- Born: Janet Gretchen Jones March 1, 1939 Pittsburgh, Pennsylvania
- Died: September 21, 2021 (aged 82) Mitchellville, Maryland
- Education: Swarthmore College California Institute of Technology
- Scientific career
- Workplaces: National Science Foundation North Carolina State University State University of New York at Buffalo University of Southampton Colorado State University Montana State University
- Thesis: Ligand bridging in the oxidation of chromium(II) at mercury electrodes (1967)

= Janet G. Osteryoung =

American chemist (1939–2021)

Janet Gretchen Osteryoung (March 1, 1939 – September 21, 2021) was an American chemist who was the director of the Chemistry Division of the National Science Foundation from 1994 to 2001. Her research furthered the development of electroanalysis and especially that of square wave voltammetry. She was elected a Fellow of the American Association for the Advancement of Science in 1984 and awarded the Garvan–Olin Medal in 1987.

== Early life and education ==
Janet Gretchen Jones was born in Pittsburgh, Pennsylvania, and grew up in Vero Beach, Florida. She was an undergraduate student at Swarthmore College, where she was a Merit scholar. Jones was a graduate student at California Institute of Technology, where she worked alongside Fred Anson on ligand bridging in charge transfer reactions.
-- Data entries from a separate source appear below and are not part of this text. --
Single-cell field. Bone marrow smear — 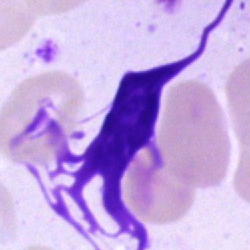Impression → artefact.
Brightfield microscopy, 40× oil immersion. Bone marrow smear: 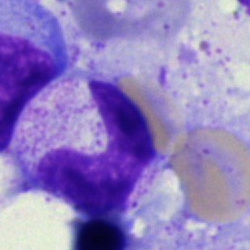 A band neutrophil.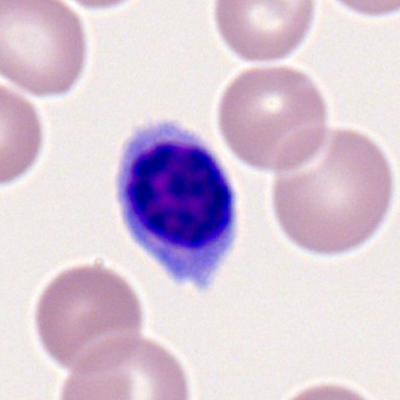Specimen: peripheral blood film.
Cell: typical lymphocyte.
Lineage: lymphoid.
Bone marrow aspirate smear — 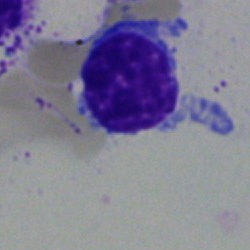 {"cell_type": "lymphocyte", "lineage": "lymphoid"}
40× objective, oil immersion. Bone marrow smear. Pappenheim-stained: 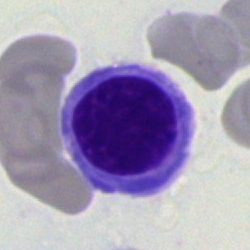The cell shown is a normoblast.
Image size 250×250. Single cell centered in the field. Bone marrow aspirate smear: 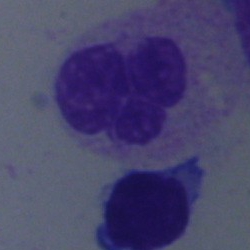Morphology — polymorphonuclear neutrophil.
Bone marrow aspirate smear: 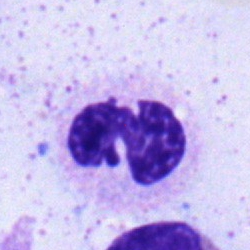A neutrophil (segmented).
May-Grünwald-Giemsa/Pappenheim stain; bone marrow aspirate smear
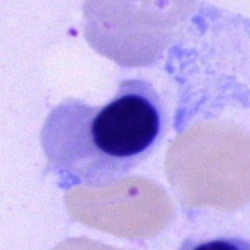 Specimen: bone marrow aspirate smear.
Classification: nucleated red blood cell.
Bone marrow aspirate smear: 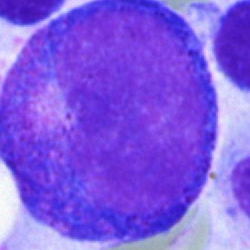

Q: What type of cell is this?
A: It is a progranulocyte.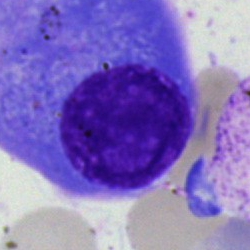

Specimen: bone marrow aspirate smear.
Cell type: plasma cell.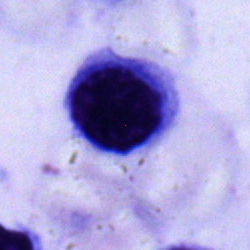 Single cell identified as a normoblast.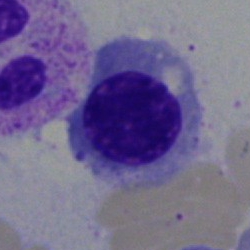Single cell identified as an erythroblast.
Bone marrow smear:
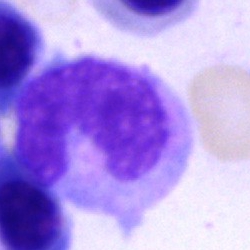

Classification: monocyte.
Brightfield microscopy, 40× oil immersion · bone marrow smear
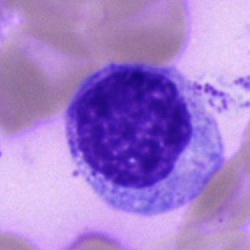 Classification — myelocyte.
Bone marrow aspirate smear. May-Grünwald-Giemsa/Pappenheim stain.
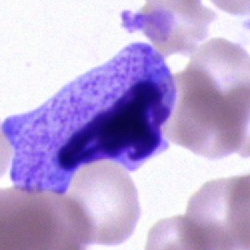
Unidentifiable cell.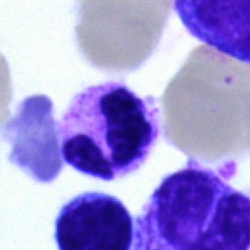 This is a segmented neutrophil.
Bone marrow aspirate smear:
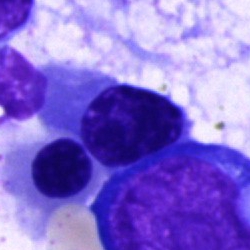
Specimen: bone marrow smear.
Cell type: artifact.
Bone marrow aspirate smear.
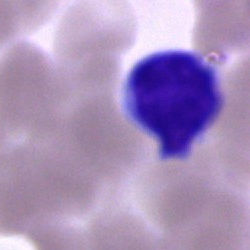

Classification = unidentifiable cell.
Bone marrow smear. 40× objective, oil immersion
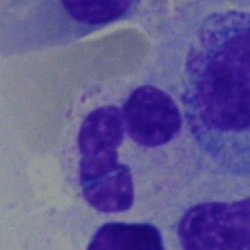

Q: What type of cell is this?
A: A neutrophil (segmented).
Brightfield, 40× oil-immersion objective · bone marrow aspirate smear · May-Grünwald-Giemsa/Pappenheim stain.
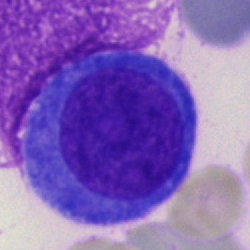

Robert Osteryoung was a Visiting Associate in the Department of Chemistry at Caltech at this same time. After marrying, Janet and Robert Osteryoung both continued to carry out research in the field of electroanalytical chemistry.

== Research and career ==
Osteryoung was appointed to the faculty at Montana State University in 1967. She moved to Colorado State University a year later, where she worked in the Departments of Civil Engineering and Microbiology. In 1977, Osteryoung moved to the National Science Foundation, where she was the program director for chemical analysis.

Osteryoung was made associate professor at the State University of New York at Buffalo in 1979 and professor in 1982. In 1985 Osteryoung was awarded a Guggenheim Fellowship and spent a year at the University of Southampton, where she investigated the fundamentals of solid electrodes.

Osteryoung moved to North Carolina State University in 1992, where she served as head of department for two years. In 1994, she returned to the National Science Foundation, where she was made director of the division of chemistry. She was the first woman to win the Jacob F. Schoellkopf medal in 1992.

== Awards and honors ==
- 1984 Elected Fellow of the American Association for the Advancement of Science
- 1985 Guggenheim Fellowship
- 1986 Honorary Fulbright Fellow
- 1987 American Chemical Society Garvan–Olin Medal
- 1990 Anachem Award
- 1990 Honorary member of Iota Sigma Pi
- 1992 Jacob F. Schoellkopf Medal
- 1996 American Chemical Society Division of Analytical Chemistry Award in Electrochemistry
- 1998 Society for Analytical Chemists of Pittsburgh Analytical Chemistry Award
- 1999 The Society for Electroanalytical Chemistry Charles N. Reilley Award in Electroanalytical Chemistry

== Selected publications ==
- Osteryoung, Janet G. (1985). "Square wave voltammetry"
- Aoki, Koichi (1984). "Linear sweep voltammetry at very small stationary disk electrodes"
- O'Dea, John J. (1993). "Characterization of quasi-reversible surface processes by square-wave voltammetry"

== Personal life ==
Janet Jones was once married to Robert Osteryoung, who was also an award-winning chemist. In April 2010, she married Chris Cobb in Washington, D.C. Together, Jones and Cobb established the Comis Foundation, a family philanthropic foundation to benefit children and youth.